A two-tailed test (H₁: μ ≠ μ₀) checks for any deviation from the null mean in either direction. A one-tailed test checks one specific direction: right-tailed for H₁: μ > μ₀, left-tailed for H₁: μ < μ₀. Two-tailed tests are more conservative because they split α between two tails; one-tailed tests have more power if you correctly predict the direction in advance.
The 95% CI is x̄ ± 1.96 × σ/√n. It is the range of plausible values for the population mean. If you repeated the experiment many times and computed a 95% CI each time, about 95% of those intervals would contain the true population mean. If μ₀ falls outside this interval, the two-tailed z-test rejects H₀ at α = 0.05.
Convention is n ≥ 30 for the central limit theorem to ensure the sampling distribution of the mean is approximately normal regardless of the underlying distribution. For known-normal data, the z-test works at any sample size. Required sample size for a given power depends on the effect size — typically n = 64 detects d = 0.5 at 80% power, two-tailed, α = 0.05.

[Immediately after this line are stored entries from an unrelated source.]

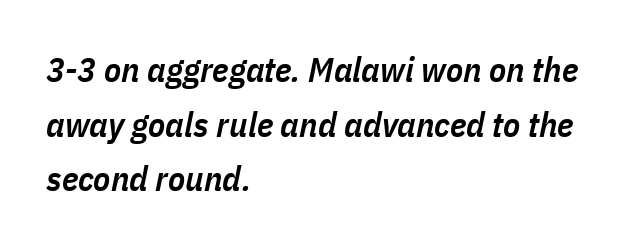
Q: Is the text bold? A: Semi-bold.
Q: Is the text italic (slanted)? A: Yes, it leans right by about 11 degrees.
Q: Is the text underlined? A: No.
Q: How is the paragraph aligned? A: Left-aligned.
Q: Is the spacing between letters normal or unusually wide? A: Normal.
Q: Is the spacing between lines tight, normal or loose? A: Normal.
Q: Width (condensed, normal, or wide)? A: Condensed.
Q: Stroke contrast? A: Low.
Q: x-height? A: Medium.
Q: Monospaced? A: No.

Effect size measures the magnitude of the difference, independent of sample size. Cohen d = (x̄ − μ₀)/σ classifies effects as small (0.2), medium (0.5), or large (0.8). A z-test can return statistical significance with a tiny effect if n is large, so always report both p-value and effect size. A significant p with d = 0.05 is rarely practically meaningful.